### Source data ###
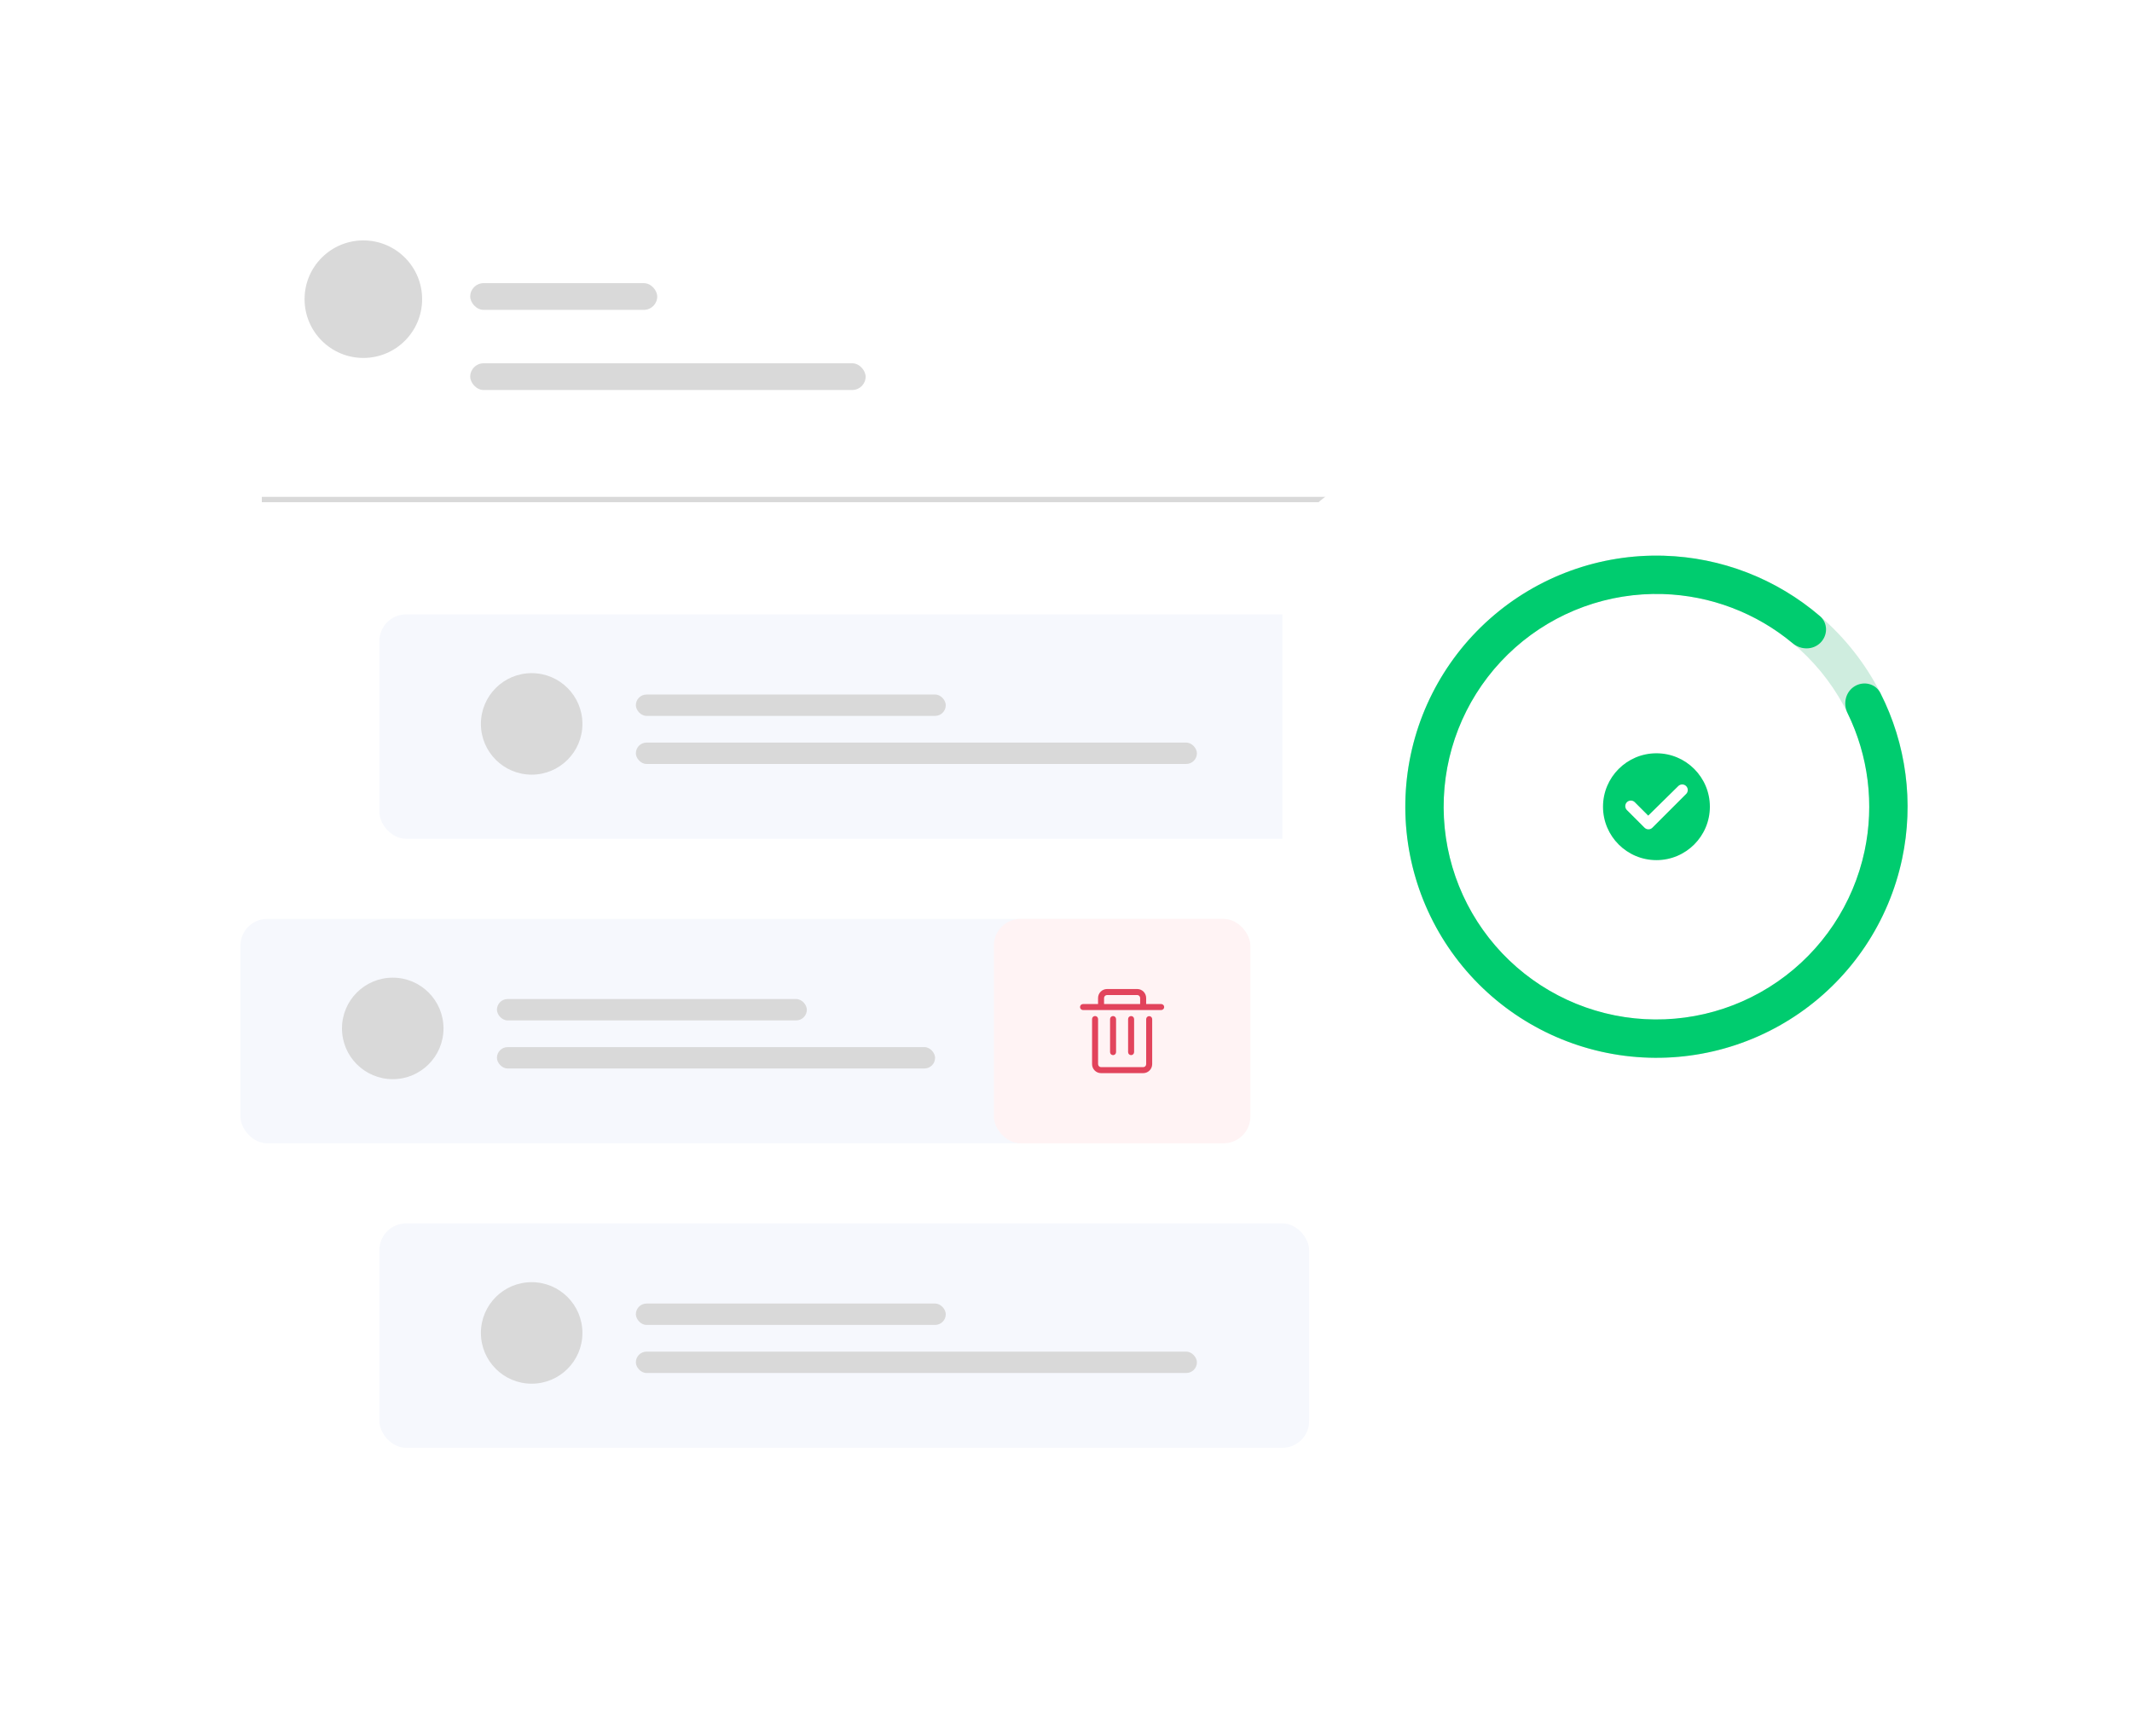 <svg width="399" height="325" viewBox="0 0 399 325" fill="none" xmlns="http://www.w3.org/2000/svg">
<g id="Group 501">
<g id="Rectangle 324" filter="url(#filter0_d_804_4013)">
<rect x="20" y="18" width="306" height="285" rx="20" fill="white"/>
</g>
<g id="Group 496">
<rect id="Rectangle 39813" x="71" y="115" width="174" height="42" rx="5" fill="#F6F8FD"/>
<circle id="Ellipse 899" cx="99.5" cy="135.5" r="9.5" fill="#D9D9D9"/>
<rect id="Rectangle 39814" x="119" y="130" width="58" height="4" rx="2" fill="#D9D9D9"/>
<rect id="Rectangle 39815" x="119" y="139" width="105" height="4" rx="2" fill="#D9D9D9"/>
</g>
<g id="Group 498">
<rect id="Rectangle 39813_2" x="45" y="172" width="174" height="42" rx="5" fill="#F6F8FD"/>
<circle id="Ellipse 899_2" cx="73.5" cy="192.5" r="9.5" fill="#D9D9D9"/>
<rect id="Rectangle 39814_2" x="93" y="187" width="58" height="4" rx="2" fill="#D9D9D9"/>
<rect id="Rectangle 39815_2" x="93" y="196" width="82" height="4" rx="2" fill="#D9D9D9"/>
</g>
<g id="Group 500">
<rect id="Rectangle 39813_3" x="71" y="229" width="174" height="42" rx="5" fill="#F6F8FD"/>
<circle id="Ellipse 899_3" cx="99.5" cy="249.5" r="9.5" fill="#D9D9D9"/>
<rect id="Rectangle 39814_3" x="119" y="244" width="58" height="4" rx="2" fill="#D9D9D9"/>
<rect id="Rectangle 39815_3" x="119" y="253" width="105" height="4" rx="2" fill="#D9D9D9"/>
</g>
<rect id="Rectangle 39818" x="186" y="172" width="48" height="42" rx="5" fill="#FFF3F4"/>
<g id="&#229;&#136;&#160;&#233;&#153;&#164; 1">
<path id="Vector" d="M211.683 197.5C211.372 197.5 211.121 197.249 211.121 196.937V190.748C211.121 190.437 211.372 190.186 211.683 190.186C211.995 190.186 212.246 190.437 212.246 190.748V196.934C212.246 197.246 211.995 197.5 211.683 197.5Z" fill="#E2445C"/>
<path id="Vector_2" d="M208.308 197.5C207.997 197.5 207.746 197.249 207.746 196.937V190.748C207.746 190.437 207.997 190.186 208.308 190.186C208.62 190.186 208.871 190.437 208.871 190.748V196.934C208.871 197.246 208.62 197.5 208.308 197.5Z" fill="#E2445C"/>
<path id="Vector_3" d="M217.313 187.937H214.501V186.812C214.501 185.881 213.751 185.125 212.826 185.125H207.187C206.255 185.125 205.499 185.881 205.499 186.812V187.937H202.687C202.376 187.937 202.125 188.188 202.125 188.499C202.125 188.811 202.376 189.062 202.687 189.062H217.313C217.624 189.062 217.875 188.811 217.875 188.499C217.875 188.188 217.624 187.937 217.313 187.937ZM206.624 186.812C206.624 186.504 206.878 186.25 207.187 186.25H212.826C213.134 186.25 213.376 186.498 213.376 186.812V187.937H206.624V186.812Z" fill="#E2445C"/>
<path id="Vector_4" d="M213.94 200.874H206.066C205.135 200.874 204.379 200.119 204.379 199.187V190.742C204.379 190.431 204.63 190.18 204.941 190.18C205.253 190.18 205.504 190.431 205.504 190.742V199.187C205.504 199.499 205.758 199.75 206.066 199.75H213.943C214.254 199.75 214.505 199.499 214.505 199.187V190.763C214.505 190.452 214.756 190.201 215.068 190.201C215.379 190.201 215.63 190.452 215.63 190.763V199.187C215.627 200.116 214.871 200.874 213.94 200.874Z" fill="#E2445C"/>
</g>
<line id="Line 62" x1="49" y1="93.5" x2="296" y2="93.5" stroke="#D9D9D9"/>
<g id="Rectangle 1246" filter="url(#filter1_d_804_4013)">
<rect x="240" y="87" width="139" height="128" rx="20" fill="white"/>
</g>
<path id="Ellipse 53" d="M357 151C357 176.957 335.957 198 310 198C284.043 198 263 176.957 263 151C263 125.043 284.043 104 310 104C335.957 104 357 125.043 357 151ZM270.175 151C270.175 172.995 288.005 190.825 310 190.825C331.995 190.825 349.825 172.995 349.825 151C349.825 129.005 331.995 111.175 310 111.175C288.005 111.175 270.175 129.005 270.175 151Z" fill="#CFEDDF"/>
<path id="Ellipse 54" d="M340.697 120.303C342.098 118.902 342.107 116.618 340.603 115.328C332.477 108.356 322.179 104.343 311.406 104.021C299.432 103.663 287.774 107.89 278.812 115.838C269.851 123.787 264.263 134.858 263.189 146.788C262.116 158.719 265.638 170.609 273.037 180.03C280.435 189.45 291.152 195.69 302.997 197.475C314.842 199.26 326.921 196.455 336.768 189.633C346.614 182.811 353.484 172.486 355.973 160.769C358.214 150.226 356.756 139.271 351.909 129.724C351.012 127.957 348.791 127.424 347.098 128.453V128.453C345.405 129.482 344.883 131.683 345.755 133.462C349.666 141.435 350.815 150.524 348.955 159.278C346.845 169.206 341.024 177.954 332.681 183.735C324.338 189.516 314.103 191.892 304.066 190.38C294.029 188.868 284.949 183.58 278.68 175.598C272.411 167.615 269.426 157.54 270.336 147.431C271.245 137.322 275.98 127.942 283.574 121.206C291.167 114.471 301.046 110.89 311.191 111.193C320.136 111.461 328.694 114.731 335.513 120.42C337.034 121.69 339.296 121.704 340.697 120.303V120.303Z" fill="#00CC6F"/>
<path id="Vector_5" d="M310 161C304.477 161 300 156.523 300 151C300 145.477 304.477 141 310 141C315.523 141 320 145.477 320 151C320 156.523 315.523 161 310 161ZM307.77 154.927C307.867 155.023 307.982 155.1 308.108 155.153C308.234 155.205 308.37 155.232 308.507 155.232C308.643 155.232 308.779 155.205 308.905 155.153C309.032 155.1 309.147 155.023 309.243 154.927L315.558 148.612C315.655 148.515 315.732 148.4 315.784 148.274C315.837 148.147 315.863 148.012 315.863 147.875C315.863 147.738 315.837 147.603 315.784 147.476C315.732 147.35 315.655 147.235 315.558 147.138C315.462 147.042 315.347 146.965 315.22 146.912C315.094 146.86 314.958 146.833 314.822 146.833C314.685 146.833 314.549 146.86 314.423 146.912C314.297 146.965 314.182 147.042 314.085 147.138L308.462 152.672L305.945 150.155C305.75 149.96 305.485 149.85 305.208 149.85C304.932 149.85 304.667 149.96 304.472 150.155C304.276 150.35 304.167 150.615 304.167 150.892C304.167 151.028 304.193 151.164 304.246 151.29C304.298 151.417 304.375 151.532 304.472 151.628L307.77 154.927Z" fill="#00CC6F"/>
<circle id="Ellipse 900" cx="68" cy="56" r="11" fill="#D9D9D9"/>
<rect id="Rectangle 39816" x="88" y="53" width="35" height="5" rx="2.5" fill="#D9D9D9"/>
<rect id="Rectangle 39817" x="88" y="68" width="74" height="5" rx="2.5" fill="#D9D9D9"/>
</g>
<defs>
<filter id="filter0_d_804_4013" x="0" y="0" width="346" height="325" filterUnits="userSpaceOnUse" color-interpolation-filters="sRGB">
<feFlood flood-opacity="0" result="BackgroundImageFix"/>
<feColorMatrix in="SourceAlpha" type="matrix" values="0 0 0 0 0 0 0 0 0 0 0 0 0 0 0 0 0 0 127 0" result="hardAlpha"/>
<feOffset dy="2"/>
<feGaussianBlur stdDeviation="10"/>
<feComposite in2="hardAlpha" operator="out"/>
<feColorMatrix type="matrix" values="0 0 0 0 0.114 0 0 0 0 0.549 0 0 0 0 0.949 0 0 0 0.25 0"/>
<feBlend mode="normal" in2="BackgroundImageFix" result="effect1_dropShadow_804_4013"/>
<feBlend mode="normal" in="SourceGraphic" in2="effect1_dropShadow_804_4013" result="shape"/>
</filter>
<filter id="filter1_d_804_4013" x="220" y="69" width="179" height="168" filterUnits="userSpaceOnUse" color-interpolation-filters="sRGB">
<feFlood flood-opacity="0" result="BackgroundImageFix"/>
<feColorMatrix in="SourceAlpha" type="matrix" values="0 0 0 0 0 0 0 0 0 0 0 0 0 0 0 0 0 0 127 0" result="hardAlpha"/>
<feOffset dy="2"/>
<feGaussianBlur stdDeviation="10"/>
<feComposite in2="hardAlpha" operator="out"/>
<feColorMatrix type="matrix" values="0 0 0 0 0.114 0 0 0 0 0.549 0 0 0 0 0.949 0 0 0 0.25 0"/>
<feBlend mode="normal" in2="BackgroundImageFix" result="effect1_dropShadow_804_4013"/>
<feBlend mode="normal" in="SourceGraphic" in2="effect1_dropShadow_804_4013" result="shape"/>
</filter>
</defs>
</svg>
###
Problem statement: How many lines in the data contain the string "white"? Respond with the number only.

Response to this task: 2